The bus leaves Monday to Friday at 8.30am sharp outside the Sant Antoni market in Barcelona’s Eixample district, but this is no ordinary vehicle; it has hundreds of wheels, dozens of drivers – and no passengers. This is the Barcelona bicibús, the fun, safe mode of transport that makes going to school feel like a party.
On a cool September morning, a group of about 60 parents and children aged three to 11, on bikes and scooters, gather in the Plaça Conxita Pérez for the school run. This being Friday, the mood is especially festive. Dua Lipa’s Dance the Night is playing and there’s an air of excitement as though the kids were going on an excursion, not just to school.
“When we started out two years ago there were 20-30 people, now there are 60-70,” says Genís Domínguez, a bicibús organiser. The concept has been around since the 1990s, he explains, but locally, it began three years ago in the Catalan town of Vic.

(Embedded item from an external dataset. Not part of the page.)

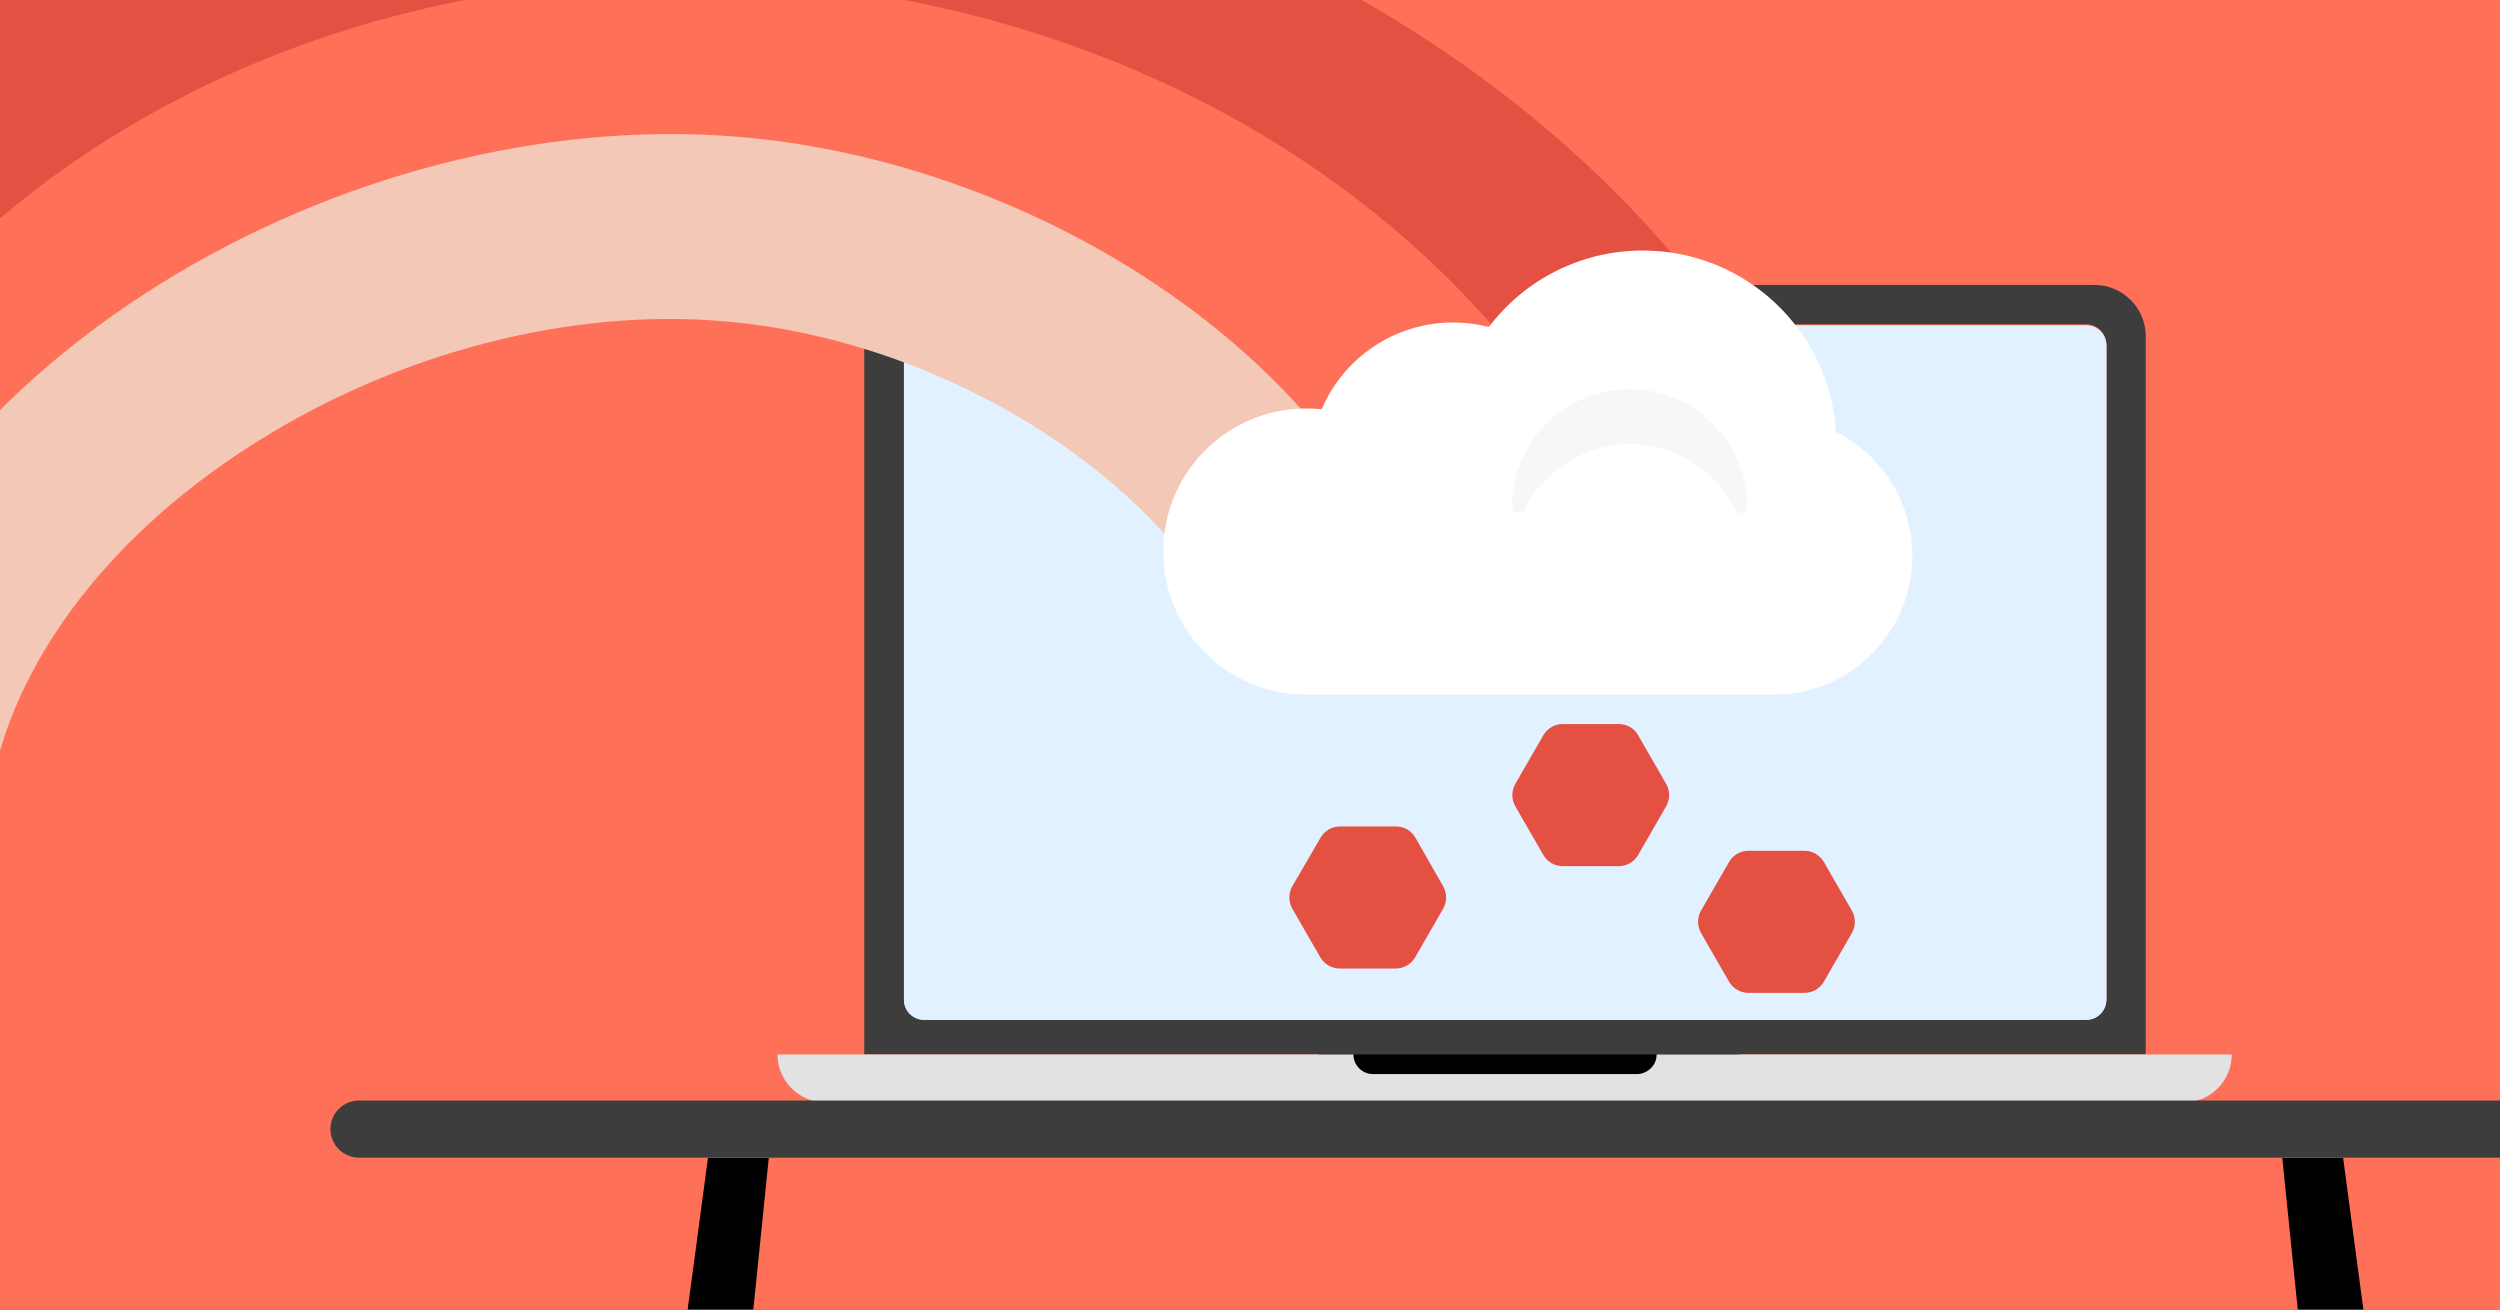 <svg enable-background="new 0 0 945 495" viewBox="0 0 945 495" xmlns="http://www.w3.org/2000/svg" xmlns:xlink="http://www.w3.org/1999/xlink"><rect x="0" y="0" width="945" height="495" fill="#333333" stroke="none"/><defs><path id="SVGID_1_" d="M0 0H945V495H0Z"/><clipPath id="SVGID_00000088822340145895754560000000555931229665104019_"><use xlink:href="#SVGID_1_"/></clipPath></defs><path clip-path="url(#SVGID_00000088822340145895754560000000555931229665104019_)" d="M-28.4-14.9H973.3V509.3H-28.4Z" fill="#ff7059"/><path clip-path="url(#SVGID_00000088822340145895754560000000555931229665104019_)" clip-rule="evenodd" d="M498.4 391.6H657.4V411.3H498.4Z" fill-rule="evenodd"/><path clip-path="url(#SVGID_00000088822340145895754560000000555931229665104019_)" d="M627.8 398.6c98.6 0 183.3 0 183.3 0V127.1c0-10.7-8.7-19.4-19.4-19.4H346.1c-10.7 0-19.4 8.7-19.4 19.4v271.5c0 0 84.8 0 183.4 0M341.7 130.2c0-4.2 3.4-7.6 7.6-7.6h439.3c4.2 0 7.6 3.4 7.6 7.6v247.3c0 4.2-3.4 7.6-7.6 7.6H349.3c-4.2 0-7.6-3.4-7.6-7.6V130.2z" fill="#3d3d3d"/><path clip-path="url(#SVGID_00000088822340145895754560000000555931229665104019_)" d="M788.6 123H349.3c-4.2 0-7.6 3.4-7.6 7.6v247.3c0 4.2 3.4 7.6 7.6 7.6h439.3c4.2 0 7.6-3.4 7.6-7.6V130.6C796.2 126.4 792.8 123 788.6 123z" fill="#e3e3e3"/><path clip-path="url(#SVGID_00000088822340145895754560000000555931229665104019_)" d="M788.6 123H349.3c-4.2 0-7.6 3.4-7.6 7.6v247.3c0 4.2 3.4 7.6 7.6 7.6h439.3c4.2 0 7.6-3.4 7.6-7.6V130.6C796.2 126.4 792.8 123 788.6 123z" fill="#e2f1ff"/><path clip-path="url(#SVGID_00000088822340145895754560000000555931229665104019_)" clip-rule="evenodd" d="M811.1 398.6c0 0-85.6 0-184.9 0l0 0c0 0 0 0 0 0 0 0 0 0 0 0 0 2-.8 3.9-2.2 5.2-1.3 1.3-3.2 2.2-5.2 2.2H519c-4.1 0-7.4-3.3-7.4-7.4 0 0 0 0 0 0l0 0c0 0 0 0 0 0h-.2c-99.2 0-184.7 0-184.7 0 0 0-32.8 0-32.8 0 0 10 8.1 18.1 18.1 18.1h513.5c5 0 9.5-2 12.8-5.3 3.3-3.3 5.3-7.8 5.3-12.8H811.1z" fill="#e2e2e2" fill-rule="evenodd"/><path clip-path="url(#SVGID_00000088822340145895754560000000555931229665104019_)" d="M-108.9 284.4l-79.8-5.1c3.3-51.4 18.8-100.5 46.2-145.8 26-43.1 61.6-80.9 105.7-112.4 89-63.5 203.5-94.6 322.5-87.6 92.7 5.5 180.4 33.7 253.7 81.6 73 47.7 126.5 111.3 154.9 184l-74.5 29.1C597.4 171.1 554.5 120.5 495.6 82 434 41.7 359.7 18 280.9 13.3 76.2 1.2-98.7 122.8-108.9 284.4z" fill="#e45041"/><path clip-path="url(#SVGID_00000088822340145895754560000000555931229665104019_)" d="M-25.4 289.3l-79.8-5.1c2.7-43.3 15.6-84.6 38.2-122.8 21.5-36.3 50.8-68.1 87.1-94.7C93.2 13.4 187.2-12.9 284.9-7.1c70.2 4.2 137.6 24.8 194.9 59.7 56.7 34.6 101.1 81.5 128.5 135.8l-71.4 36c-20.6-40.9-54.7-76.7-98.7-103.4C392 92.8 337.4 76.2 280.2 72.8 119.8 63.3-17.3 160.4-25.4 289.3z" fill="#ff7059"/><path clip-path="url(#SVGID_00000088822340145895754560000000555931229665104019_)" d="M-3.5 298.6l-68.9-12.3c6.2-34.8 21.2-68.3 44.6-99.4 21.5-28.6 49-54 81.8-75.4 65.3-42.6 144.6-64.6 217.8-60.3C366 56.7 462 107.8 510.6 178.4l-57.6 39.7c-16.9-24.6-44-47.7-76.3-65.2-34.5-18.7-72.2-29.7-109-31.9-58.5-3.5-122.4 14.4-175.3 49C39.8 204.3 4.9 251.1-3.5 298.6z" fill="#f3c8b7"/><g fill="#e45041"><path clip-path="url(#SVGID_00000088822340145895754560000000555931229665104019_)" d="M527.7 312.4h-21.2c-3 0-5.8 1.6-7.3 4.2L488.5 335c-1.5 2.6-1.5 5.8 0 8.5l10.6 18.4c1.5 2.6 4.3 4.2 7.3 4.2h21.2c3 0 5.8-1.6 7.3-4.2l10.6-18.4c1.5-2.6 1.5-5.8 0-8.5L535 316.6C533.5 314 530.7 312.4 527.7 312.4z"/><path clip-path="url(#SVGID_00000088822340145895754560000000555931229665104019_)" d="M682.1 321.6h-21.2c-3 0-5.8 1.6-7.3 4.2L643 344.2c-1.5 2.6-1.5 5.8 0 8.5l10.6 18.4c1.5 2.6 4.3 4.2 7.3 4.2h21.2c3 0 5.8-1.6 7.3-4.2l10.6-18.4c1.5-2.6 1.5-5.8 0-8.5l-10.6-18.4C687.9 323.2 685.1 321.6 682.1 321.6z"/><path clip-path="url(#SVGID_00000088822340145895754560000000555931229665104019_)" d="M611.9 273.7h-21.2c-3 0-5.8 1.6-7.3 4.2l-10.6 18.4c-1.5 2.6-1.5 5.8 0 8.5l10.6 18.4c1.5 2.6 4.3 4.2 7.3 4.2h21.2c3 0 5.8-1.6 7.3-4.2l10.6-18.4c1.5-2.6 1.5-5.8 0-8.5l-10.6-18.4C617.8 275.3 615 273.7 611.9 273.7z"/></g><path clip-path="url(#SVGID_00000088822340145895754560000000555931229665104019_)" d="M722.9 210.1c0-20.5-11.8-38.2-28.9-46.9-2.4-38.2-34.2-68.5-73-68.5-23.8 0-44.9 11.3-58.2 28.9-4.3-1.1-8.9-1.7-13.5-1.7-22.3 0-41.5 13.5-49.7 32.8-1.9-.2-3.8-.3-5.8-.3-29.9 0-54.1 24.2-54.1 54.1s24.2 54.1 54.1 54.1c.5 0 .9 0 1.4 0v0h175.1c.1 0 .2 0 .3 0 .1 0 .2 0 .3 0h.5v0C699.8 262.1 722.9 238.8 722.9 210.1z" fill="#ffffff"/><path clip-path="url(#SVGID_00000088822340145895754560000000555931229665104019_)" d="M616 167.9c17.4 0 32.5 10.1 39.8 24.7 1.1 2.3 4.6 1.5 4.6-1 0 0 0-.1 0-.1 0-24.5-19.9-44.4-44.4-44.4s-44.4 19.9-44.4 44.4c0 0 0 .1 0 .1 0 2.5 3.5 3.3 4.6 1C583.5 178 598.6 167.9 616 167.9z" fill="#f7f7f7"/><path clip-path="url(#SVGID_00000088822340145895754560000000555931229665104019_)" d="M993.2 437.6H135.7c-6 0-10.8-4.9-10.8-10.8v0c0-6 4.9-10.8 10.8-10.8h857.4c6 0 10.8 4.9 10.8 10.8v0C1004 432.8 999.1 437.6 993.2 437.6z" fill="#3d3d3d"/><path clip-path="url(#SVGID_00000088822340145895754560000000555931229665104019_)" d="M257.4 513.2c.4-1.8 10.2-75.5 10.2-75.5h23l-7.7 75.5H257.4z"/><path clip-path="url(#SVGID_00000088822340145895754560000000555931229665104019_)" d="M895.9 513.2c-.4-1.8-10.2-75.5-10.2-75.5h-23l7.7 75.5H895.9z"/></svg>

However, he says, they’ve had to adapt the idea for it to function in their neighbourhood. The Eixample (meaning the extension) is a grid system of streets that more than doubled the size of Barcelona at the end of the 19th century. Designed around what were then radical concepts of public health, the streets were wide to offer citizens breathing space compared to the confines of the densely populated old town. But today these same streets are choked with traffic.
Whereas in Vic the bicibús follows narrow streets or cycle lanes, the only way to move safely in the Eixample, with its high volume of fast-moving traffic, is to occupy the entire road, and to treat the bicibús as a single vehicle. One or two adults lead the group, with two or three others on each flank. A police patrol car brings up the rear to ward off any impatient motorists.
“The police sent lots of units to begin with,” Domínguez’s colleague Mireia Boix explains. “In front, behind, at the sides. We didn’t want two patrol cars and two motorbikes. We talked to them, always trying to find common ground, and settled on a single patrol car at the rear.”
At each cross street the adult riders on the flanks block the traffic to let any stragglers cross and to stop anyone jumping the lights. Aside from the police car, the entire operation is run by parents via a WhatsApp group. It’s lively but surprisingly orderly and there’s little or no conflict with motorists.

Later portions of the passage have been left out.